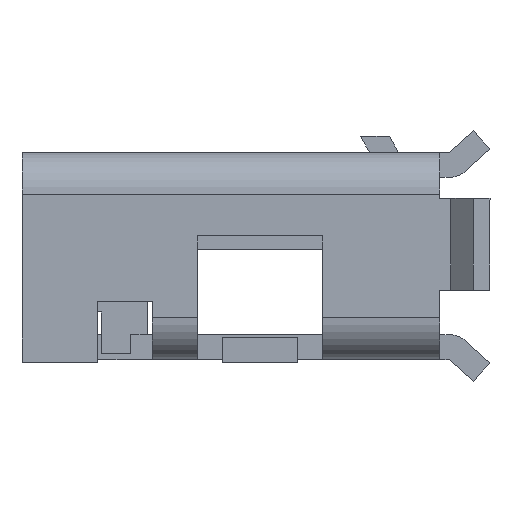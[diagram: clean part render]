
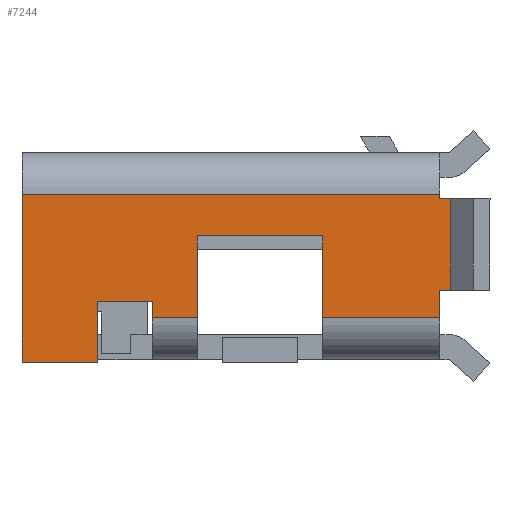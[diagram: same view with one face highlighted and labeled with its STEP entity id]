
A CAD part, left-side view. The second image highlights one B-rep face of the part: STEP entity #7244.
In plain terms, the highlighted planar face has unit normal (-1, 0, 0).
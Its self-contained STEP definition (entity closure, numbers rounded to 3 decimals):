
#1494 = CARTESIAN_POINT ( 'NONE',  ( -3.76, 0.69, -0.467 ) ) ;
#1905 = CARTESIAN_POINT ( 'NONE',  ( -3.76, -0.54, -4.7 ) ) ;
#1906 = CARTESIAN_POINT ( 'NONE',  ( -3.76, -1.27, -4.7 ) ) ;
#1907 = DIRECTION ( 'NONE',  ( 0., 1., 0. ) ) ;
#1908 = VECTOR ( 'NONE', #1907, 1000. ) ;
#1909 = CARTESIAN_POINT ( 'NONE',  ( -3.76, 0., -4.7 ) ) ;
#1910 = LINE ( 'NONE', #1909, #1908 ) ;
#1911 = CARTESIAN_POINT ( 'NONE',  ( -3.76, 0.24, -2. ) ) ;
#1912 = CARTESIAN_POINT ( 'NONE',  ( -3.76, -0.74, -2. ) ) ;
#1930 = DIRECTION ( 'NONE',  ( 0., 0., 1. ) ) ;
#1931 = VECTOR ( 'NONE', #1930, 1000. ) ;
#1932 = CARTESIAN_POINT ( 'NONE',  ( -3.76, -0.74, -0.6 ) ) ;
#1933 = LINE ( 'NONE', #1932, #1931 ) ;
#1934 = CARTESIAN_POINT ( 'NONE',  ( -3.76, -0.74, -0.6 ) ) ;
#1967 = DIRECTION ( 'NONE',  ( 0., 1., 0. ) ) ;
#1968 = VECTOR ( 'NONE', #1967, 1000. ) ;
#1969 = CARTESIAN_POINT ( 'NONE',  ( -3.76, 0.74, -0.6 ) ) ;
#1970 = LINE ( 'NONE', #1969, #1968 ) ;
#1971 = CARTESIAN_POINT ( 'NONE',  ( -3.76, -0.41, -0.6 ) ) ;
#1988 = CARTESIAN_POINT ( 'NONE',  ( -3.76, -0.41, -0.467 ) ) ;
#1989 = DIRECTION ( 'NONE',  ( 0., 0., 1. ) ) ;
#1990 = VECTOR ( 'NONE', #1989, 1000. ) ;
#1991 = CARTESIAN_POINT ( 'NONE',  ( -3.76, -0.41, -0.6 ) ) ;
#1992 = LINE ( 'NONE', #1991, #1990 ) ;
#1999 = CARTESIAN_POINT ( 'NONE',  ( -3.76, -0.54, -4.04 ) ) ;
#2000 = CARTESIAN_POINT ( 'NONE',  ( -3.76, 0.24, -3.5 ) ) ;
#2026 = DIRECTION ( 'NONE',  ( 0., -1., 0. ) ) ;
#2027 = VECTOR ( 'NONE', #2026, 1000. ) ;
#2028 = CARTESIAN_POINT ( 'NONE',  ( -3.76, 0.74, -2. ) ) ;
#2029 = LINE ( 'NONE', #2028, #2027 ) ;
#2030 = LINE ( 'NONE', #2093, #2092 ) ;
#2031 = DIRECTION ( 'NONE',  ( 0., 0., 1. ) ) ;
#2032 = VECTOR ( 'NONE', #2031, 1000. ) ;
#2033 = CARTESIAN_POINT ( 'NONE',  ( -3.76, -0.74, -0.6 ) ) ;
#2034 = LINE ( 'NONE', #2033, #2032 ) ;
#2035 = CARTESIAN_POINT ( 'NONE',  ( -3.76, -0.74, -3.5 ) ) ;
#2047 = DIRECTION ( 'NONE',  ( 0., -1., 0. ) ) ;
#2048 = VECTOR ( 'NONE', #2047, 1000. ) ;
#2049 = CARTESIAN_POINT ( 'NONE',  ( -3.76, 0.74, -4.04 ) ) ;
#2050 = LINE ( 'NONE', #2049, #2048 ) ;
#2056 = DIRECTION ( 'NONE',  ( 0., 1., 0. ) ) ;
#2057 = VECTOR ( 'NONE', #2056, 1000. ) ;
#2058 = CARTESIAN_POINT ( 'NONE',  ( -3.76, 0.74, -3.5 ) ) ;
#2059 = LINE ( 'NONE', #2058, #2057 ) ;
#2084 = CARTESIAN_POINT ( 'NONE',  ( -3.76, -0.74, -4.04 ) ) ;
#2091 = DIRECTION ( 'NONE',  ( 0., 0., 1. ) ) ;
#2092 = VECTOR ( 'NONE', #2091, 1000. ) ;
#2093 = CARTESIAN_POINT ( 'NONE',  ( -3.76, -0.54, -0.6 ) ) ;
#2109 = DIRECTION ( 'NONE',  ( 0., 1., 0. ) ) ;
#2110 = VECTOR ( 'NONE', #2109, 1000. ) ;
#2111 = CARTESIAN_POINT ( 'NONE',  ( -3.76, 0.74, -0.467 ) ) ;
#2117 = LINE ( 'NONE', #2111, #2110 ) ;
#2141 = DIRECTION ( 'NONE',  ( 0., 0., 1. ) ) ;
#2142 = VECTOR ( 'NONE', #2141, 1000. ) ;
#2143 = CARTESIAN_POINT ( 'NONE',  ( -3.76, 0.24, -0.6 ) ) ;
#2147 = LINE ( 'NONE', #2143, #2142 ) ;
#2408 = PLANE ( 'NONE',  #2410 ) ;
#2409 = CARTESIAN_POINT ( 'NONE',  ( -3.76, 0.74, -0.6 ) ) ;
#2410 = AXIS2_PLACEMENT_3D ( 'NONE', #2409, #2467, #2466 ) ;
#2411 = FACE_OUTER_BOUND ( 'NONE', #7245, .T. ) ;
#2416 = CARTESIAN_POINT ( 'NONE',  ( -3.76, -1.27, -5.6 ) ) ;
#2417 = DIRECTION ( 'NONE',  ( 0., 0., 1. ) ) ;
#2418 = VECTOR ( 'NONE', #2417, 1000. ) ;
#2419 = CARTESIAN_POINT ( 'NONE',  ( -3.76, -1.27, -0.6 ) ) ;
#2420 = LINE ( 'NONE', #2419, #2418 ) ;
#2466 = DIRECTION ( 'NONE',  ( 0., 0., 1. ) ) ;
#2467 = DIRECTION ( 'NONE',  ( -1., 0., 0. ) ) ;
#2471 = LINE ( 'NONE', #2530, #2529 ) ;
#2513 = CARTESIAN_POINT ( 'NONE',  ( -3.76, 0.74, -0.6 ) ) ;
#2514 = DIRECTION ( 'NONE',  ( 0., 1., 0. ) ) ;
#2515 = VECTOR ( 'NONE', #2514, 1000. ) ;
#2516 = CARTESIAN_POINT ( 'NONE',  ( -3.76, 0.74, -0.6 ) ) ;
#2517 = LINE ( 'NONE', #2516, #2515 ) ;
#2518 = CARTESIAN_POINT ( 'NONE',  ( -3.76, 0.69, -0.6 ) ) ;
#2519 = DIRECTION ( 'NONE',  ( 0., 0., -1. ) ) ;
#2520 = VECTOR ( 'NONE', #2519, 1000. ) ;
#2521 = CARTESIAN_POINT ( 'NONE',  ( -3.76, 0.69, 0. ) ) ;
#2522 = LINE ( 'NONE', #2521, #2520 ) ;
#2523 = DIRECTION ( 'NONE',  ( 0., -1., 0. ) ) ;
#2524 = VECTOR ( 'NONE', #2523, 1000. ) ;
#2525 = CARTESIAN_POINT ( 'NONE',  ( -3.76, 0., -5.6 ) ) ;
#2526 = LINE ( 'NONE', #2525, #2524 ) ;
#2527 = CARTESIAN_POINT ( 'NONE',  ( -3.76, 0.74, -5.6 ) ) ;
#2528 = DIRECTION ( 'NONE',  ( 0., 0., 1. ) ) ;
#2529 = VECTOR ( 'NONE', #2528, 1000. ) ;
#2530 = CARTESIAN_POINT ( 'NONE',  ( -3.76, 0.74, -0.6 ) ) ;
#6603 = VERTEX_POINT ( 'NONE', #1494 ) ;
#6859 = VERTEX_POINT ( 'NONE', #1934 ) ;
#6861 = EDGE_CURVE ( 'NONE', #6873, #6859, #1933, .T. ) ;
#6873 = VERTEX_POINT ( 'NONE', #1912 ) ;
#6875 = VERTEX_POINT ( 'NONE', #1911 ) ;
#6877 = EDGE_CURVE ( 'NONE', #6878, #6879, #1910, .T. ) ;
#6878 = VERTEX_POINT ( 'NONE', #1906 ) ;
#6879 = VERTEX_POINT ( 'NONE', #1905 ) ;
#6910 = VERTEX_POINT ( 'NONE', #1999 ) ;
#6915 = EDGE_CURVE ( 'NONE', #6930, #6916, #1992, .T. ) ;
#6916 = VERTEX_POINT ( 'NONE', #1988 ) ;
#6930 = VERTEX_POINT ( 'NONE', #1971 ) ;
#6932 = EDGE_CURVE ( 'NONE', #6859, #6930, #1970, .T. ) ;
#6938 = EDGE_CURVE ( 'NONE', #6875, #6873, #2029, .T. ) ;
#6955 = VERTEX_POINT ( 'NONE', #2000 ) ;
#6957 = EDGE_CURVE ( 'NONE', #6968, #6955, #2059, .T. ) ;
#6961 = EDGE_CURVE ( 'NONE', #6910, #6982, #2050, .T. ) ;
#6968 = VERTEX_POINT ( 'NONE', #2035 ) ;
#6970 = EDGE_CURVE ( 'NONE', #6982, #6968, #2034, .T. ) ;
#6972 = EDGE_CURVE ( 'NONE', #6879, #6910, #2030, .T. ) ;
#6982 = VERTEX_POINT ( 'NONE', #2084 ) ;
#7001 = EDGE_CURVE ( 'NONE', #6916, #6603, #2117, .T. ) ;
#7019 = EDGE_CURVE ( 'NONE', #6955, #6875, #2147, .T. ) ;
#7238 = EDGE_CURVE ( 'NONE', #7239, #6878, #2420, .T. ) ;
#7239 = VERTEX_POINT ( 'NONE', #2416 ) ;
#7244 = ADVANCED_FACE ( 'NONE', ( #2411 ), #2408, .T. ) ;
#7245 = EDGE_LOOP ( 'NONE', ( #7306, #7307, #7308, #7309, #7310, #7311, #7312, #7313, #7316, #7296, #7299, #7301, #7302, #7303, #7304, #7305 ) ) ;
#7296 = ORIENTED_EDGE ( 'NONE', *, *, #7297, .F. ) ;
#7297 = EDGE_CURVE ( 'NONE', #7298, #7318, #2471, .T. ) ;
#7298 = VERTEX_POINT ( 'NONE', #2527 ) ;
#7299 = ORIENTED_EDGE ( 'NONE', *, *, #7300, .T. ) ;
#7300 = EDGE_CURVE ( 'NONE', #7298, #7239, #2526, .T. ) ;
#7301 = ORIENTED_EDGE ( 'NONE', *, *, #7238, .T. ) ;
#7302 = ORIENTED_EDGE ( 'NONE', *, *, #6877, .T. ) ;
#7303 = ORIENTED_EDGE ( 'NONE', *, *, #6972, .T. ) ;
#7304 = ORIENTED_EDGE ( 'NONE', *, *, #6961, .T. ) ;
#7305 = ORIENTED_EDGE ( 'NONE', *, *, #6970, .T. ) ;
#7306 = ORIENTED_EDGE ( 'NONE', *, *, #6957, .T. ) ;
#7307 = ORIENTED_EDGE ( 'NONE', *, *, #7019, .T. ) ;
#7308 = ORIENTED_EDGE ( 'NONE', *, *, #6938, .T. ) ;
#7309 = ORIENTED_EDGE ( 'NONE', *, *, #6861, .T. ) ;
#7310 = ORIENTED_EDGE ( 'NONE', *, *, #6932, .T. ) ;
#7311 = ORIENTED_EDGE ( 'NONE', *, *, #6915, .T. ) ;
#7312 = ORIENTED_EDGE ( 'NONE', *, *, #7001, .T. ) ;
#7313 = ORIENTED_EDGE ( 'NONE', *, *, #7314, .T. ) ;
#7314 = EDGE_CURVE ( 'NONE', #6603, #7315, #2522, .T. ) ;
#7315 = VERTEX_POINT ( 'NONE', #2518 ) ;
#7316 = ORIENTED_EDGE ( 'NONE', *, *, #7317, .T. ) ;
#7317 = EDGE_CURVE ( 'NONE', #7315, #7318, #2517, .T. ) ;
#7318 = VERTEX_POINT ( 'NONE', #2513 ) ;

-------

● What is being asked
From the entries above, restate word for word the lines from the line containing "#6968 = VERTEX_POINT ( 'NONE', #2035 ) ;" to the line containing "#7298 = VERTEX_POINT ( 'NONE', #2527 ) ;", both ends included, and nothing more.

● Exercise answer
#6968 = VERTEX_POINT ( 'NONE', #2035 ) ;
#6970 = EDGE_CURVE ( 'NONE', #6982, #6968, #2034, .T. ) ;
#6972 = EDGE_CURVE ( 'NONE', #6879, #6910, #2030, .T. ) ;
#6982 = VERTEX_POINT ( 'NONE', #2084 ) ;
#7001 = EDGE_CURVE ( 'NONE', #6916, #6603, #2117, .T. ) ;
#7019 = EDGE_CURVE ( 'NONE', #6955, #6875, #2147, .T. ) ;
#7238 = EDGE_CURVE ( 'NONE', #7239, #6878, #2420, .T. ) ;
#7239 = VERTEX_POINT ( 'NONE', #2416 ) ;
#7244 = ADVANCED_FACE ( 'NONE', ( #2411 ), #2408, .T. ) ;
#7245 = EDGE_LOOP ( 'NONE', ( #7306, #7307, #7308, #7309, #7310, #7311, #7312, #7313, #7316, #7296, #7299, #7301, #7302, #7303, #7304, #7305 ) ) ;
#7296 = ORIENTED_EDGE ( 'NONE', *, *, #7297, .F. ) ;
#7297 = EDGE_CURVE ( 'NONE', #7298, #7318, #2471, .T. ) ;
#7298 = VERTEX_POINT ( 'NONE', #2527 ) ;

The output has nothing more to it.